- Genre: Fighting
- Developer: A-Wave
- Publisher: King Records
- Platform: Super Famicom
- First release: Sougou Kakutougi: Astral Bout 1992
- Latest release: Sougou Kakutougi Rings: Astral Bout 3

= Astral Bout =

==Sougou Kakutougi: Astral Bout==

Sougou Kakutougi: Astral Bout (アストラル バウト 総合格闘技) is a Super Famicom video game based on various forms of fighting styles found in the Japanese combat sport promotion Fighting Network Rings.

===Gameplay===

Applying a devastating move to the opponent.

This video game was the predecessor to mixed martial arts promotion companies and pay-per-view tournaments like the Ultimate Fighting Championship that are popular with today's young people.

There are nine different styles of fighting to adopt: professional wrestling, boxing, karate, sambo, muay thai, kung-fu, judo, kickboxing and lucha libre, and the basic set of martial arts. Like in an arcade fighting game, each player has a limited amount of continues that eventually lead to a "game over" if they all are allowed to expire. Three different modes to this game; standard one-player, two-player, or a "player vs. CPU" sparring session. All competitors have health meters that are divided into three between rounds to keep track of the strength in the arms, legs, and the rest of the body. The difficulty level can be set for either low, medium, or high.

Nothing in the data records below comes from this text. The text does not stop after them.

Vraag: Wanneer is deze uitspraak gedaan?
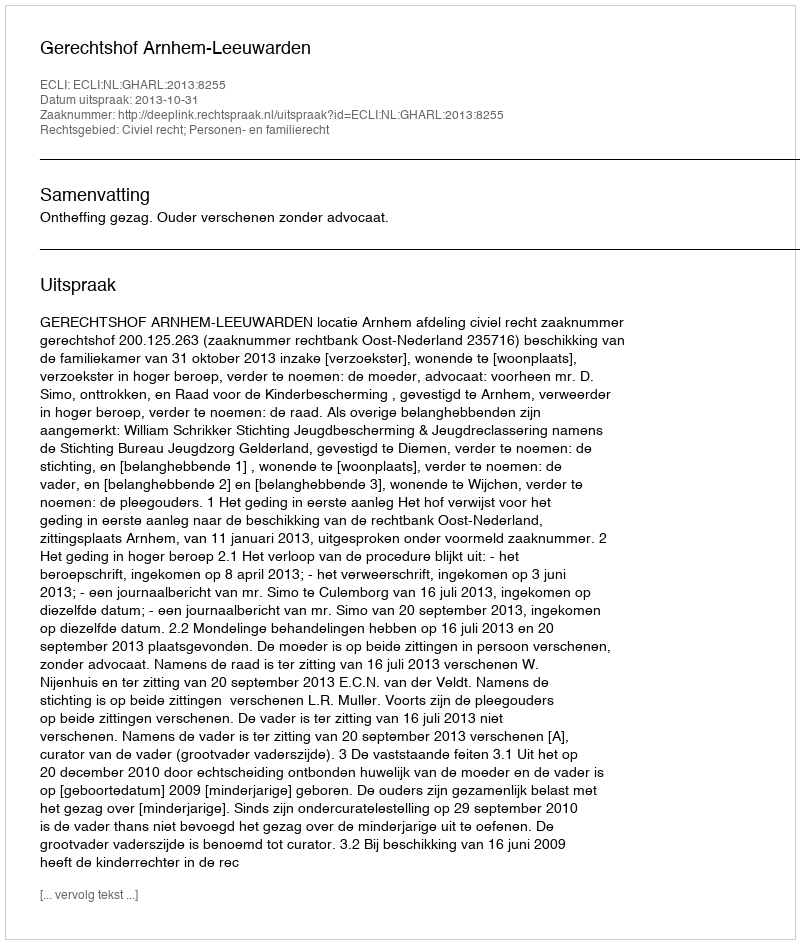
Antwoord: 2013-10-31
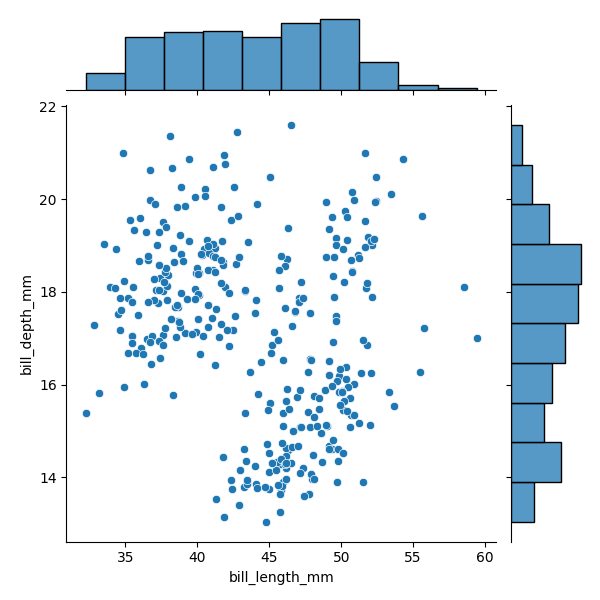
python, seaborn, JointGrid, scatterplot, histplot
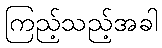
ကြည့်သည့်အခါ
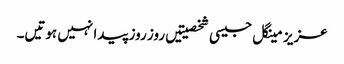
عزیز مینگل جیسی شخصیتیں روز روز پیدا نہیں ہوتیں۔
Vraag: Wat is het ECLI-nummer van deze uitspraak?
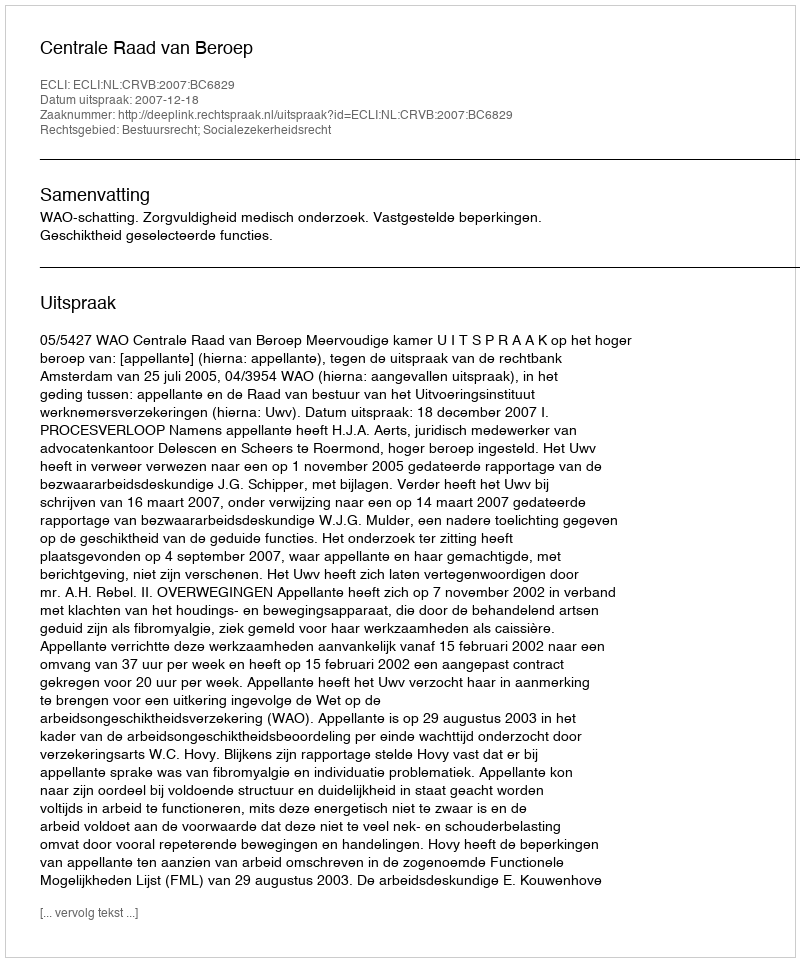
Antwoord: ECLI:NL:CRVB:2007:BC6829
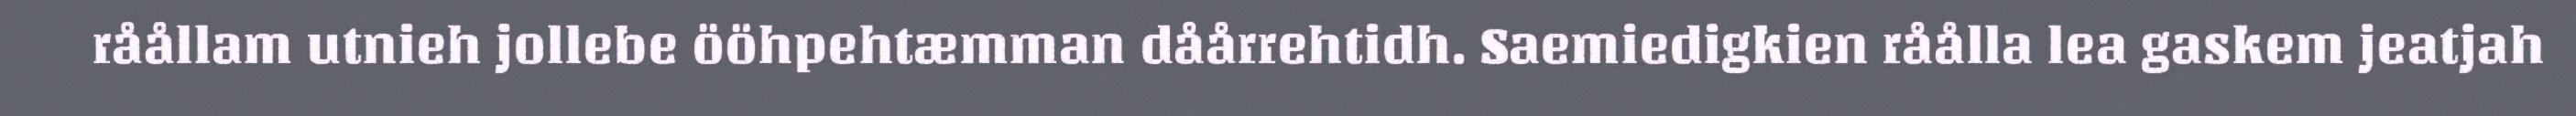
råållam utnieh jollebe ööhpehtæmman dåårrehtidh. Saemiedigkien råålla lea gaskem jeatjah
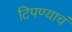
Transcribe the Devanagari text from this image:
टिपण्याचं
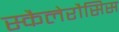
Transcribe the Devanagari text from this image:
स्कैलेरौसिस
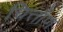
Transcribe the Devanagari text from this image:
चित्तौण
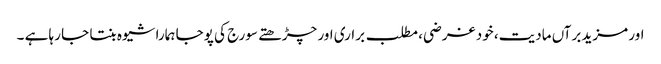
اور مزید برآں مادیت، خود غرضی، مطلب براری اور چڑھتے سورج کی پوجا ہمارا شیوہ بنتا جا رہا ہے ۔
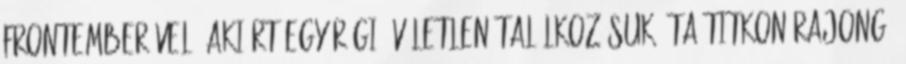
frontemberével, akiért egy régi, véletlen találkozásuk óta titkon rajong,
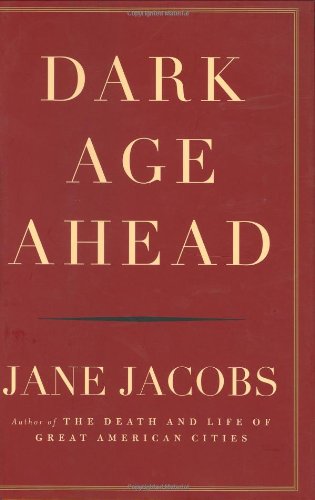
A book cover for Dark Age Ahead; Jane Jacobs; Politics & Social Sciences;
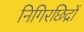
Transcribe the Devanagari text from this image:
निगिरछिद्रों
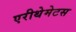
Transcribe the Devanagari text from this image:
एरीथेमेटस
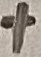
Text: +
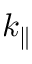
k _ { \parallel }
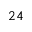
^ Ḋ 2 4 Ḍ
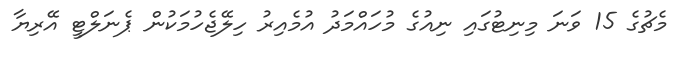
މެޗުގެ 15 ވަނަ މިނިޓުގައި ނިއުގެ މުހައްމަދު އުމެއިރު ހިލޭޖެހުމަކުން ޕެނަލްޓީ އޭރިޔާ
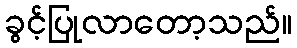
ခွင့်ပြုလာတော့သည်။
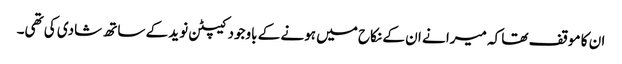
ان کا موقف تھا کہ میرا نے ان کے نکاح میں ہونے کے باوجود کیپٹن نوید کے ساتھ شادی کی تھی۔
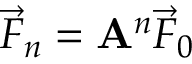
{ \vec { F } } _ { n } = \mathbf { A } ^ { n } { \vec { F } } _ { 0 }
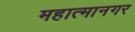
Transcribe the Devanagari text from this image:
महात्मानगर
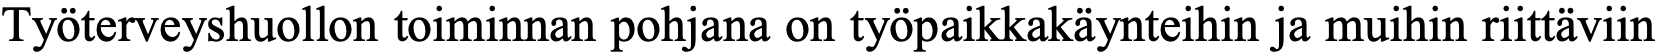
Työterveyshuollon toiminnan pohjana on työpaikkakäynteihin ja muihin riittäviin
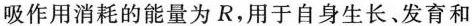
吸作用消耗的能量为R，用于自身生长、发育和
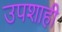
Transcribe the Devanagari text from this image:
उपशाही
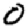
Digit: 0
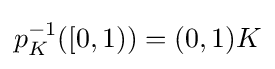
{\textstyle p_{K}^{-1}([0,1))=(0,1)K}
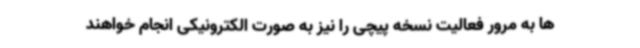
ها به مرور فعالیت نسخه پیچی را نیز به صورت الکترونیکی انجام خواهند
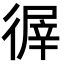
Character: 𢕌
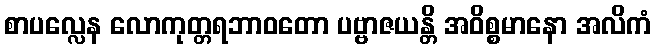
စာပလ္လေန လောကုတ္တရဘာဝတော ပဗ္ဗာဇယန္တိ အဝိစ္စမာနော အလိကံ
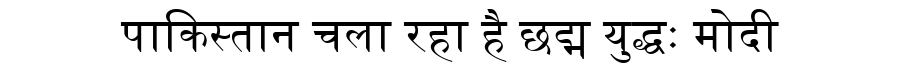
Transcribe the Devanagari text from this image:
पाकिस्तान चला रहा है छद्म युद्धः मोदी
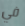
في
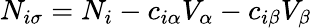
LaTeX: N_{i\sigma}=N_{i}-c_{i\alpha}V_{\alpha}-c_{i\beta}V_{\beta}
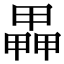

Rope breaks are possible to pull off; like in professional wrestling. However, all matches end in a 10-count fall instead of pinning the opponent for a 3-count. There are a certain number of rounds with a pre-determined time limit (ranging from one-minute fights to endurance events).

===Fighters===
There are nine fighters in the game with different fighting styles:
- Barnov Gainer, a sambo grappler from Georgian Republic
- Changpuek Kiatsongrit, a Muay Thai fighter from Thailand
- Akira Maeda, a professional wrestler from Japan
- Masaaki Satake, a karate expert from Japan
- Shiro Kimura, a judo expert from Japan
- Mike Tyson, a heavyweight boxing champion from America
- Lü Zijian, a kung-fu master from China
- Joe Lewis (martial artist), a kickboxing champion from America
- Spell Falcon, a Lucha Libre star from Unknown

==Sougou Kakutougi Rings: Astral Bout 3==
===Reception===
On release, Famicom Tsūshin scored the game a 21 out of 40.